EXERCISE BRIEF:
Please output exactly the part of the records below that opens with the line containing "Label the point (398, 225)." and closes with the line containing "Which 3-D box holds the leafy tree at (698, 536), as", both lines included, and nothing else.

GIVEN ENTRIES:
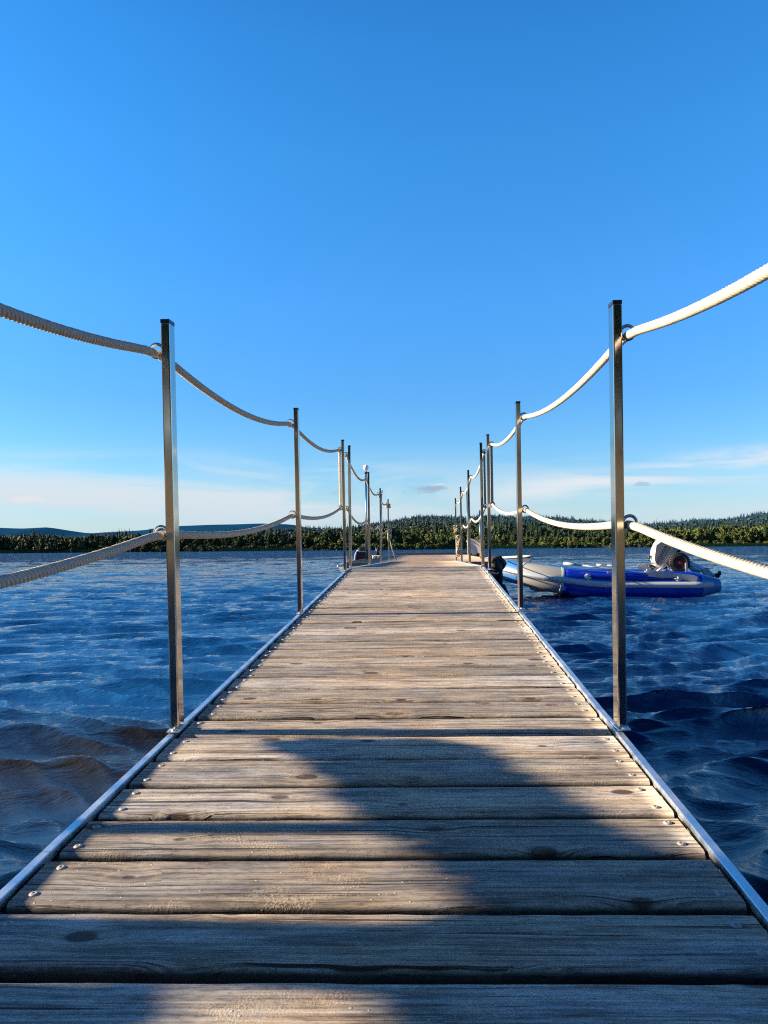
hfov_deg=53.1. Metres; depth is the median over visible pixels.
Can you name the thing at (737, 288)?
railing rope
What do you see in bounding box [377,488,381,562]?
railing post
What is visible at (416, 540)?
leafy tree
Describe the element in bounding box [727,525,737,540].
leafy tree
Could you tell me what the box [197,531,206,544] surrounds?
leafy tree
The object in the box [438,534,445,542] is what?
leafy tree
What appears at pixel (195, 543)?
leafy tree
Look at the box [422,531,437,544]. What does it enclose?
leafy tree
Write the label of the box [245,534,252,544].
leafy tree
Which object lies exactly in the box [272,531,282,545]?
leafy tree
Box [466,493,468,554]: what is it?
steel pole
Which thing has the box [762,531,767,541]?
leafy tree
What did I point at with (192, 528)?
hills
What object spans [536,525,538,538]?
conifer tree
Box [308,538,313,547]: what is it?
leafy tree
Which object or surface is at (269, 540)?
leafy tree
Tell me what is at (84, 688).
water
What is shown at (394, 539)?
leafy tree
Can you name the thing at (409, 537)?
leafy tree
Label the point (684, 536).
leafy tree
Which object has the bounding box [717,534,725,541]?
leafy tree
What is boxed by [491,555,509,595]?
cloth fender
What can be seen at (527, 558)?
motor boat
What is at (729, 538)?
leafy tree
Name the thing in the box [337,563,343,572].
motor boat
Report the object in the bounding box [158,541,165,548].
leafy tree
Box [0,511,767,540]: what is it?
forest
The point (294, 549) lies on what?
reeds
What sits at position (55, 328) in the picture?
railing rope
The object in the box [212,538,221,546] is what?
leafy tree
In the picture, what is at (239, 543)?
leafy tree
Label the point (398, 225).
sky
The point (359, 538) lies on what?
leafy tree
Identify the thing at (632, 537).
leafy tree
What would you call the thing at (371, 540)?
leafy tree
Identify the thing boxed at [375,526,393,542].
leafy tree
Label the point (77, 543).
woodland
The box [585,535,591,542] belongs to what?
leafy tree
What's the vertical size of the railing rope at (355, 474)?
0.122 m
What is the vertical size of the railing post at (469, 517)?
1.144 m
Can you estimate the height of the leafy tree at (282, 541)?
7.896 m
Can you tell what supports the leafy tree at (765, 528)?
on the shore
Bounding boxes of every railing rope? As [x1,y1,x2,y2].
[0,303,341,588]
[345,453,386,504]
[346,507,386,533]
[457,451,484,503]
[463,505,485,527]
[490,263,767,579]
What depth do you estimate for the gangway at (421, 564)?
8.41 m
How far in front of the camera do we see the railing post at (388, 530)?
14.09 m
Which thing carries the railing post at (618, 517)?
attached to the gangway at (398, 797)
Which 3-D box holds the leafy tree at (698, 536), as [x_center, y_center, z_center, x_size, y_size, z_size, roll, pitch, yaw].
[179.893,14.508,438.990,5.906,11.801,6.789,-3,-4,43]
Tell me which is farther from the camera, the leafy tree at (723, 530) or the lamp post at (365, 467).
the leafy tree at (723, 530)
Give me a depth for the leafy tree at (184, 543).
434.74 m
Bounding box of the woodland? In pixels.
[0,525,764,552]
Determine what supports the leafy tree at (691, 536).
on the shore
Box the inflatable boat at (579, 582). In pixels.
[503,540,721,596]
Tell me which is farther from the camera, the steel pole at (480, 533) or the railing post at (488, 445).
the steel pole at (480, 533)
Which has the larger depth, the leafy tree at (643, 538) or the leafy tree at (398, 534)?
the leafy tree at (643, 538)
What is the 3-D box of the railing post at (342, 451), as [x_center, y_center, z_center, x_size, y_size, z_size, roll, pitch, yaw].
[-0.367,-0.056,6.689,0.072,1.144,0.085,-1,1,2]
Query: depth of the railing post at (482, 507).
7.13 m
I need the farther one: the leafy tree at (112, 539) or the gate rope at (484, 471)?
the leafy tree at (112, 539)
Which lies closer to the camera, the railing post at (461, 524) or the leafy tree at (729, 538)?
the railing post at (461, 524)
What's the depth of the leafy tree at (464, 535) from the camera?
424.54 m
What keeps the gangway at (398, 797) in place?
attached to the gangway at (421, 564)
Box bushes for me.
[0,540,767,552]
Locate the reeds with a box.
[0,542,767,552]
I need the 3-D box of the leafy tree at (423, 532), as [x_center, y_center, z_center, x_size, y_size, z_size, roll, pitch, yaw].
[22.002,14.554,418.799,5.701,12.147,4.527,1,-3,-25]
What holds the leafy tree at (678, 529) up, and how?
on the shore
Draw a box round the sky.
[0,0,767,532]
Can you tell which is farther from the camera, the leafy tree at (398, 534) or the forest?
the forest
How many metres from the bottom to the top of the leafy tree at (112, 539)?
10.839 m
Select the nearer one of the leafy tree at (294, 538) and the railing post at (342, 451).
the railing post at (342, 451)
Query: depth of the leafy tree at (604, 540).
419.93 m
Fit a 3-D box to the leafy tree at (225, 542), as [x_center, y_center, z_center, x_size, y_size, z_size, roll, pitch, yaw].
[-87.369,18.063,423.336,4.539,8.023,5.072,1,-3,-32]
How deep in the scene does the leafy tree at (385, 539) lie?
403.38 m
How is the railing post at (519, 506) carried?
attached to the gangway at (398, 797)
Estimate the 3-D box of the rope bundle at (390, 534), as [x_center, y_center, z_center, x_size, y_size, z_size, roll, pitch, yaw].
[0.103,0.419,14.133,0.082,0.239,0.086,-1,-3,3]
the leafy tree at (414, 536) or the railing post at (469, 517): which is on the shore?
the leafy tree at (414, 536)
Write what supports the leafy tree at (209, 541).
on the shore
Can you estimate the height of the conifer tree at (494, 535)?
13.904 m
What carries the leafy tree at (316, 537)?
on the shore
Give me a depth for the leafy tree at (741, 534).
432.19 m
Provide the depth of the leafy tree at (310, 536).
428.80 m
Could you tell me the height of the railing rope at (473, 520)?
0.113 m
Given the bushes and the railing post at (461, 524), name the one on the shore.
the bushes
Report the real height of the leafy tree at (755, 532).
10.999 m
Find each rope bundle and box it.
[387,528,391,540]
[456,535,460,556]
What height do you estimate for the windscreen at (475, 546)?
0.453 m
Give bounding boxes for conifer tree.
[491,525,495,543]
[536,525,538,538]
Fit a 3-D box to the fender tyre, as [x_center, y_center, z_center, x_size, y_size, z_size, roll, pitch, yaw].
[1.247,0.617,8.579,0.106,0.257,0.258,0,-3,-15]
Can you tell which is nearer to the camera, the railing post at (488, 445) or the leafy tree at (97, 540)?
the railing post at (488, 445)
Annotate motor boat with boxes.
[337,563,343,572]
[472,553,533,562]
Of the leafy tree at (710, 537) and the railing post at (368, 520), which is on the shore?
the leafy tree at (710, 537)
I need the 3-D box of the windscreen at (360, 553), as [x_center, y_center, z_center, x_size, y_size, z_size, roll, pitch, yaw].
[-0.525,1.311,19.555,0.455,0.840,0.350,-1,-3,0]
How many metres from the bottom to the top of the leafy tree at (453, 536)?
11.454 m
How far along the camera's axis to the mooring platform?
18.06 m
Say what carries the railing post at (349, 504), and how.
attached to the gangway at (421, 564)
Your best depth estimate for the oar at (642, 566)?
12.80 m
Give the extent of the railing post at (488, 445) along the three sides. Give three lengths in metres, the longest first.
1.159 x 0.085 x 0.072 m
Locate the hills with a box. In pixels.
[0,523,304,536]
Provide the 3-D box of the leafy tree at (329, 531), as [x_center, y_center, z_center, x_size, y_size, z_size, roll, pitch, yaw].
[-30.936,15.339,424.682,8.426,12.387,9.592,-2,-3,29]
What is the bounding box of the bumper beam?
[393,552,471,554]
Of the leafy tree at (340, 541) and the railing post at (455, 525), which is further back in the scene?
the leafy tree at (340, 541)
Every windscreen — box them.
[354,547,371,559]
[466,538,479,552]
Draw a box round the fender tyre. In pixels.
[489,556,502,576]
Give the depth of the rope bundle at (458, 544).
13.89 m
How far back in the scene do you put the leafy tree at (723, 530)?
447.16 m
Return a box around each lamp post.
[363,465,368,559]
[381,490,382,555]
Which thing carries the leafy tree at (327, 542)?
on the shore
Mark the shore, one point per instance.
(607, 546)
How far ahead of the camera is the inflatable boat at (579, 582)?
11.71 m
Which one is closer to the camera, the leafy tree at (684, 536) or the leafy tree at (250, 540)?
the leafy tree at (250, 540)
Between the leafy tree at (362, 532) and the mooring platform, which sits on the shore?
the leafy tree at (362, 532)
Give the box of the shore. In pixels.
[125,523,646,551]
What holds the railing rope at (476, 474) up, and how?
attached to the railing post at (469, 517)
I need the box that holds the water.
[0,546,767,905]
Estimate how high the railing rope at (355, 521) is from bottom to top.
0.112 m
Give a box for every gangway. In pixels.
[0,567,767,1023]
[349,561,483,568]
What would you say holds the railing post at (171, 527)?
attached to the gangway at (398, 797)
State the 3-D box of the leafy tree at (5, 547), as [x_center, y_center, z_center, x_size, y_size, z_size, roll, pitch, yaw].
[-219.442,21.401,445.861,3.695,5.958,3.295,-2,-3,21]
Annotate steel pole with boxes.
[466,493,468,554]
[479,510,480,557]
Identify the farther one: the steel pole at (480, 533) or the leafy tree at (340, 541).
the leafy tree at (340, 541)
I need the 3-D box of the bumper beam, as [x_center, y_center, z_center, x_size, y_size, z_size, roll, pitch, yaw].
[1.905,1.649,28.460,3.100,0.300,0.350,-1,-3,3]
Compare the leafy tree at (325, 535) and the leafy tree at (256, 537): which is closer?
the leafy tree at (325, 535)
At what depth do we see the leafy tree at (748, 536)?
430.95 m
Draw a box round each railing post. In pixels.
[150,319,187,732]
[287,408,304,613]
[337,440,347,570]
[345,445,352,566]
[364,472,370,563]
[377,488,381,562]
[385,499,389,561]
[455,498,458,560]
[460,487,464,561]
[467,470,472,562]
[479,443,486,565]
[486,434,494,569]
[515,401,528,609]
[608,300,637,730]
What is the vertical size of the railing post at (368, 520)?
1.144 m
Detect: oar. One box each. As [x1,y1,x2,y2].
[563,562,697,581]
[596,564,665,570]
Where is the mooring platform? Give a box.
[347,554,488,570]
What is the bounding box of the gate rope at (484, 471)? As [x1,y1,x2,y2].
[483,455,485,503]
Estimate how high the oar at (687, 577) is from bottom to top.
0.322 m
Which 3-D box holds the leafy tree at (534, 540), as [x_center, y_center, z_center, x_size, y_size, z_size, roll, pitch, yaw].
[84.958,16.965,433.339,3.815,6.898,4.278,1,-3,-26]
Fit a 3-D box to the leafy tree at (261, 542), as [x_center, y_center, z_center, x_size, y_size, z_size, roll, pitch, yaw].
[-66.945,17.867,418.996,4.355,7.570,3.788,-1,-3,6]
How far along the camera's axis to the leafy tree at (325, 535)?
413.23 m
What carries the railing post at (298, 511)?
attached to the gangway at (398, 797)
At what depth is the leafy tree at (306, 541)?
414.24 m
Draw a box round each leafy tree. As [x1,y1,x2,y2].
[2,544,9,550]
[94,536,99,547]
[107,535,117,545]
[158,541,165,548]
[181,538,187,550]
[193,540,198,547]
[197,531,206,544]
[206,539,212,546]
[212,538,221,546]
[221,538,229,547]
[235,536,244,547]
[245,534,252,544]
[246,536,253,544]
[253,533,261,546]
[257,538,264,546]
[264,534,273,544]
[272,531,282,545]
[277,537,285,547]
[291,532,295,544]
[303,537,308,549]
[306,532,314,548]
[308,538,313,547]
[313,535,319,545]
[318,532,332,543]
[320,529,336,536]
[323,535,333,546]
[337,530,348,545]
[356,533,364,544]
[358,527,367,538]
[362,535,372,543]
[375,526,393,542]
[382,533,392,548]
[392,537,399,542]
[393,529,402,543]
[406,534,412,544]
[411,534,420,543]
[413,537,421,543]
[420,528,426,543]
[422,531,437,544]
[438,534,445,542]
[451,530,458,542]
[459,531,466,541]
[531,536,537,543]
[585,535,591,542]
[601,537,607,546]
[630,533,639,543]
[636,534,646,542]
[675,526,685,533]
[682,532,687,540]
[687,533,695,541]
[693,528,704,541]
[705,531,714,542]
[715,525,731,541]
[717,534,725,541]
[724,531,733,543]
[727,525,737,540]
[738,529,745,542]
[739,529,752,542]
[752,528,760,542]
[761,523,767,538]
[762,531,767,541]
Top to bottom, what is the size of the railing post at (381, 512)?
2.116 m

WRITTEN ANSWER:
Label the point (398, 225).
sky
The point (359, 538) lies on what?
leafy tree
Identify the thing at (632, 537).
leafy tree
What would you call the thing at (371, 540)?
leafy tree
Identify the thing boxed at [375,526,393,542].
leafy tree
Label the point (77, 543).
woodland
The box [585,535,591,542] belongs to what?
leafy tree
What's the vertical size of the railing rope at (355, 474)?
0.122 m
What is the vertical size of the railing post at (469, 517)?
1.144 m
Can you estimate the height of the leafy tree at (282, 541)?
7.896 m
Can you tell what supports the leafy tree at (765, 528)?
on the shore
Bounding boxes of every railing rope? As [x1,y1,x2,y2].
[0,303,341,588]
[345,453,386,504]
[346,507,386,533]
[457,451,484,503]
[463,505,485,527]
[490,263,767,579]
What depth do you estimate for the gangway at (421, 564)?
8.41 m
How far in front of the camera do we see the railing post at (388, 530)?
14.09 m
Which thing carries the railing post at (618, 517)?
attached to the gangway at (398, 797)
Which 3-D box holds the leafy tree at (698, 536), as [x_center, y_center, z_center, x_size, y_size, z_size, roll, pitch, yaw].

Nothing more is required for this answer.